Rob, was re-reading this post, and I think 150 times for Dumb & Dumber is fair -- in terms of pressing play at the beginning. Making it to the end? 6 or 7. We'd usually have an AM conversation that compared how far we made it before passing out. Hot peppers scene was a milestone.

Don't know what we watched more, D&D or B&B. Heh heh.

TR said...

FYI for you music fans - Maron's WTF podcast up this morning is an interview w/ Derek Trucks. Very cool interview. Derek talks about his influences, Col. Bruce Hampton, the Allmans, the blues, his new band, playing live as a 9 y/o, etc.

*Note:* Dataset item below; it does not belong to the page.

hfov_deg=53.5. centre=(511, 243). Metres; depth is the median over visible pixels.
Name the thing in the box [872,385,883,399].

Slow day at the cracker factory, so I'm rocking the pods at my desk.

Dave said...

try car seat headrest-- echoes of clap your hands and say yeah, the strokes, of montreal, and neutral milk hotel.

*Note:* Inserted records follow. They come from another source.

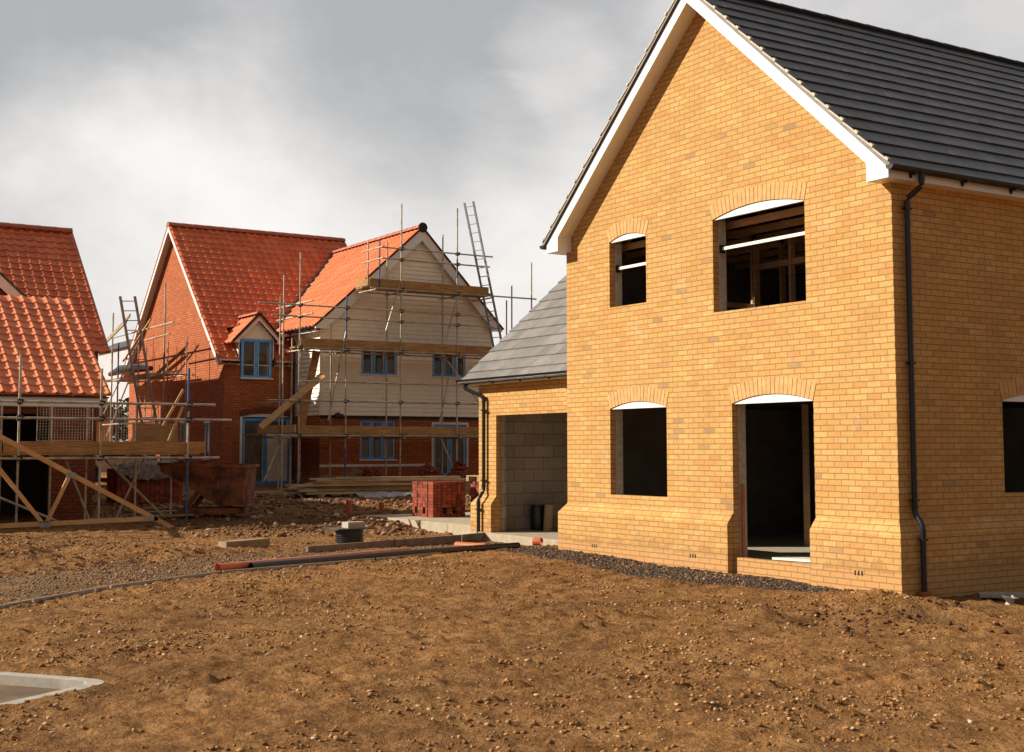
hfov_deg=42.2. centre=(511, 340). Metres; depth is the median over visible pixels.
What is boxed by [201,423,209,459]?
window
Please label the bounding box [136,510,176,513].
loose board
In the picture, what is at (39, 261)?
house
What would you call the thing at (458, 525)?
foundation slab
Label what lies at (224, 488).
skip
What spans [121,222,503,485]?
brick house
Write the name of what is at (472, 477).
pallet
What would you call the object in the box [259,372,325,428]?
plank
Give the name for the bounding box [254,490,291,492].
batten
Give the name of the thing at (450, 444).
french door
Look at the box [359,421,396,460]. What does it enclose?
window
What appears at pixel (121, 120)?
sky
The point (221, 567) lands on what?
drain pipe
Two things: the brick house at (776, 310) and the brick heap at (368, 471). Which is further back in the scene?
the brick heap at (368, 471)
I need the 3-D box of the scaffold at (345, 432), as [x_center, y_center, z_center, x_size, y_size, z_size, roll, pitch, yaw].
[-3.724,0.213,40.763,9.400,8.691,4.100,3,-6,-32]
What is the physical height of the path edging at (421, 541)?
0.170 m
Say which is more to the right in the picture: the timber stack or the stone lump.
the stone lump
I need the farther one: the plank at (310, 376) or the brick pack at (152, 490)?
the plank at (310, 376)
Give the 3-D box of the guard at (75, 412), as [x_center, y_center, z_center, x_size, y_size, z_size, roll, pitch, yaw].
[-8.675,1.591,25.758,1.062,0.732,0.013,3,-6,-32]
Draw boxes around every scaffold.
[0,354,231,523]
[102,283,195,484]
[243,204,536,488]
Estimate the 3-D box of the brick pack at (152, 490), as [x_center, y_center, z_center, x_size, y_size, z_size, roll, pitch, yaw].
[-8.976,3.542,32.392,1.606,0.816,0.906,3,-6,-32]
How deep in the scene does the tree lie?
59.91 m
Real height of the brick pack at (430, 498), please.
0.748 m
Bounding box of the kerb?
[0,671,104,704]
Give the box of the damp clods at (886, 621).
[738,596,1008,639]
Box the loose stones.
[0,529,1023,751]
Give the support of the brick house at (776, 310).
on the ground
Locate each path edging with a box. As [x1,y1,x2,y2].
[0,545,533,607]
[306,532,484,551]
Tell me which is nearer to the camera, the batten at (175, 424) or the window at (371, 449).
the batten at (175, 424)
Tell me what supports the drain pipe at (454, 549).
on the ground
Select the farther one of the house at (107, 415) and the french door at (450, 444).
the house at (107, 415)
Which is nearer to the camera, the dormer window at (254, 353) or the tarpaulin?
the dormer window at (254, 353)
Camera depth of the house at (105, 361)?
70.39 m
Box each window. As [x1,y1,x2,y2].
[180,423,186,441]
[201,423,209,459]
[239,339,272,379]
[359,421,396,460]
[361,348,398,376]
[431,344,464,378]
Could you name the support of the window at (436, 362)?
in the brick house at (221, 282)
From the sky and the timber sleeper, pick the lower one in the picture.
the timber sleeper
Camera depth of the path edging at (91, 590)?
17.00 m
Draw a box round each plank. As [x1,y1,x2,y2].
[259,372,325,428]
[296,350,319,431]
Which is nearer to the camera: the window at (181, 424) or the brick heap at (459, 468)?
the brick heap at (459, 468)
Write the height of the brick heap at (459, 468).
0.630 m
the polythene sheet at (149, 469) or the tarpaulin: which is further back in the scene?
the tarpaulin
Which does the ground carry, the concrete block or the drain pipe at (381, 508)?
the drain pipe at (381, 508)
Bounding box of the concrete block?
[342,521,364,527]
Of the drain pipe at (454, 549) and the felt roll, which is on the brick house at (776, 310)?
the felt roll
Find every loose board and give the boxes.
[135,514,193,516]
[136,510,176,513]
[141,507,182,509]
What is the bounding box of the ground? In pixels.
[0,472,1023,751]
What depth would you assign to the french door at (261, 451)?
40.83 m
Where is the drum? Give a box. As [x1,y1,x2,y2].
[530,504,544,530]
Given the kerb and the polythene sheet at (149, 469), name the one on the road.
the kerb
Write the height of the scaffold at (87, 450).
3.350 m
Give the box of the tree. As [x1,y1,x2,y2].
[112,397,128,440]
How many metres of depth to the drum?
24.88 m
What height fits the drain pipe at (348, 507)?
0.625 m
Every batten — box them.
[162,389,184,426]
[167,406,183,440]
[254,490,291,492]
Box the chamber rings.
[322,527,376,543]
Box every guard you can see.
[36,403,93,440]
[102,404,136,440]
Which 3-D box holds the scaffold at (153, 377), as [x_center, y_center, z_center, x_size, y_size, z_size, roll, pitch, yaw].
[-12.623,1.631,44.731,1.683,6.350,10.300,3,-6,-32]
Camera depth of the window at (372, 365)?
40.89 m
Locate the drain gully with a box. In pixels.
[917,591,931,596]
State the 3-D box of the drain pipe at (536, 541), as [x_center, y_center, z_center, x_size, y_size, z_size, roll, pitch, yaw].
[0.433,3.404,22.405,0.144,0.136,0.140,-2,-5,24]
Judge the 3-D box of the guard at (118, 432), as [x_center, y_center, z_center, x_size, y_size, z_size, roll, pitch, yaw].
[-7.796,1.636,26.312,0.682,0.732,0.013,3,-6,-32]
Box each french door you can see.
[239,417,289,483]
[431,422,468,474]
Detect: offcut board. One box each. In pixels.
[772,556,809,561]
[978,592,1023,597]
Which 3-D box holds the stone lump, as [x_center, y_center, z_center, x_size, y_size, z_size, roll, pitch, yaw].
[5.760,3.072,15.423,0.252,0.223,0.255,3,-6,-32]
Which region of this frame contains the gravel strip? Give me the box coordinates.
[493,546,849,591]
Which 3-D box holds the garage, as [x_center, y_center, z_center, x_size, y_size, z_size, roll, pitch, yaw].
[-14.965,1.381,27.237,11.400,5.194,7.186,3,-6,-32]
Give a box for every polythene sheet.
[104,460,175,479]
[356,491,411,497]
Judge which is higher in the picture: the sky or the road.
the sky
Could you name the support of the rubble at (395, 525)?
on the ground
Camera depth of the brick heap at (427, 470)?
39.21 m
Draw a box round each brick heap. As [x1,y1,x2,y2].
[354,466,386,476]
[408,464,445,478]
[446,461,472,477]
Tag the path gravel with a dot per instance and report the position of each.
(185, 568)
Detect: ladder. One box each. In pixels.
[119,296,163,460]
[463,201,501,346]
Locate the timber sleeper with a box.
[218,538,269,547]
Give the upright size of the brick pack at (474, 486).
0.748 m
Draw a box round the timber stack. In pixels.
[269,476,470,497]
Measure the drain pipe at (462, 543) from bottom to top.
0.121 m
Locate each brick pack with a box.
[106,469,182,502]
[412,481,464,516]
[470,481,478,509]
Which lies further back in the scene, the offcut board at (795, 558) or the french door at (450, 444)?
the french door at (450, 444)
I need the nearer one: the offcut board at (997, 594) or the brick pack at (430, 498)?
the offcut board at (997, 594)
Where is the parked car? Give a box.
[95,455,153,479]
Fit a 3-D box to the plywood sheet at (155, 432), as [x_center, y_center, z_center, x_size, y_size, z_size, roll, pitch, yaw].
[-7.261,1.982,26.995,1.008,0.612,0.297,3,-6,-32]
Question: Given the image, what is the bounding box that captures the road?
[0,684,61,702]
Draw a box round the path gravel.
[0,541,529,602]
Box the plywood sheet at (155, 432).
[132,422,177,441]
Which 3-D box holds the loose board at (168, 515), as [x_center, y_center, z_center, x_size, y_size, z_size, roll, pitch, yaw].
[-7.125,3.601,27.219,1.171,0.060,0.220,1,-5,-12]
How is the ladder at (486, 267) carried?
attached to the scaffold at (345, 432)
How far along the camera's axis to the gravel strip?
18.11 m
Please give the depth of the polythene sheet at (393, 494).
34.97 m
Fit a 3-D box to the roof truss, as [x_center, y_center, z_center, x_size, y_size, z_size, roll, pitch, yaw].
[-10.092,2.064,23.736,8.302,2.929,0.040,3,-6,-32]
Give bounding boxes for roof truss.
[0,434,173,527]
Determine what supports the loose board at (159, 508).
on the ground
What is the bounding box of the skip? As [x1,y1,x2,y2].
[157,461,258,513]
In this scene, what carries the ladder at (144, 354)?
on the ground
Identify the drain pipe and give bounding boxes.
[215,547,410,571]
[248,542,520,567]
[346,500,350,514]
[379,503,383,513]
[454,542,486,545]
[532,537,542,545]
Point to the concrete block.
(354, 524)
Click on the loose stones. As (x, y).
(42, 727)
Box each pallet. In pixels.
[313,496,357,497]
[466,475,478,481]
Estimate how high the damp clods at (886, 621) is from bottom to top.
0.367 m
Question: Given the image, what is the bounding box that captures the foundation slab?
[364,512,470,534]
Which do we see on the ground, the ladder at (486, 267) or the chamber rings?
the chamber rings
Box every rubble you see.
[0,524,424,584]
[92,493,470,537]
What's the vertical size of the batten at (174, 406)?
0.774 m
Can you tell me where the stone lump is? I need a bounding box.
[1001,595,1018,604]
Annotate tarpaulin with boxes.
[108,364,152,375]
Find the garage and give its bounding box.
[0,294,111,521]
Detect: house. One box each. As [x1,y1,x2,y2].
[0,222,109,495]
[96,396,121,440]
[98,340,131,440]
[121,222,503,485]
[456,0,1023,597]
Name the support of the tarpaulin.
on the scaffold at (153, 377)
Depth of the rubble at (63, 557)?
19.73 m
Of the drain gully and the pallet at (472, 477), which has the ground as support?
the drain gully
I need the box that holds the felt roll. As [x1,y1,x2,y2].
[543,504,553,530]
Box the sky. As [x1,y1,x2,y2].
[0,0,1023,362]

it's definitely not hip-hop.

Danimal said...

Cracker factory du jour is in balmy Rochester NY. Great times.

TR said...

Rochvegas!!! If you're lucky, you'll get to visit Albany and Troylet as well.

T.J. said...

what awful, awful places

Shlara said...

um, Tiger Woods?

TR said...

He's feigning normalcy.

Shlara said...

I visited Lincoln's Cottage today--it's in the Petworth neighborhood of DC, on the grounds of the Armed Forces Retirement Home--a really cool site to see here in town.
And they have a great gift shop with some clever Lincoln t-shirts.
They also host a Bourbon + Bluegrass event in the spring--which I think would appeal to this crowd.

TR said...

In the last ten days in our town, a 45 y/o dad with an 8 y/o daughter and a 5 y/o son, and a 51 y/o dad with a kid in high school and a kid in college both passed. Brutal at any time, but doubly tragic right in front of Xmas. Sorry to be a bummer, but it's another reminder to seize the day.

Danimal said...

Yes. Yes. Remember my post some time ago about Flanagan's bar that my old man used to frequent with his cronies and their boys including me? Well I just finished a session with Pat, Pat Flanagan son of owner whose mom just suddenly past a few weeks ago. Granted she was almost 80 but in good health and alcohol free for a decade or so. Serious reminiscletoe, making this work trip during the holidays just about special and more than worth it. I wish all you beautiful people a wonderful Christmas, sincerely. Peace and love.

Danimal said...

Hi.

Danimal said...

For one or a few of the best Manhattans you will ever consume, see Andy at the Woodcliff Inn.

Mark said...

I'm guessing it's not the same Flanagan's that is a south Florida institution (multiple locations). That place is the tits. Seriously. If you're ever in south Florida and need a drink. Find the nearest Flanagan's.

Shlara said...

This. Is. Awesome.
Take 2.5 minutes to watch the video

http://nba.nbcsports.com/2016/12/23/kristaps-porzingis-wins-latvian-athlete-of-the-year-family-accepts-via-song-video/?utm_source=dlvr.it&utm_medium=twitter

zman said...

If you're looking for a new bourbon to try you could do a lot worse than Noah's Mill.

rob said...

the gheorgemas fairy just dropped a new post.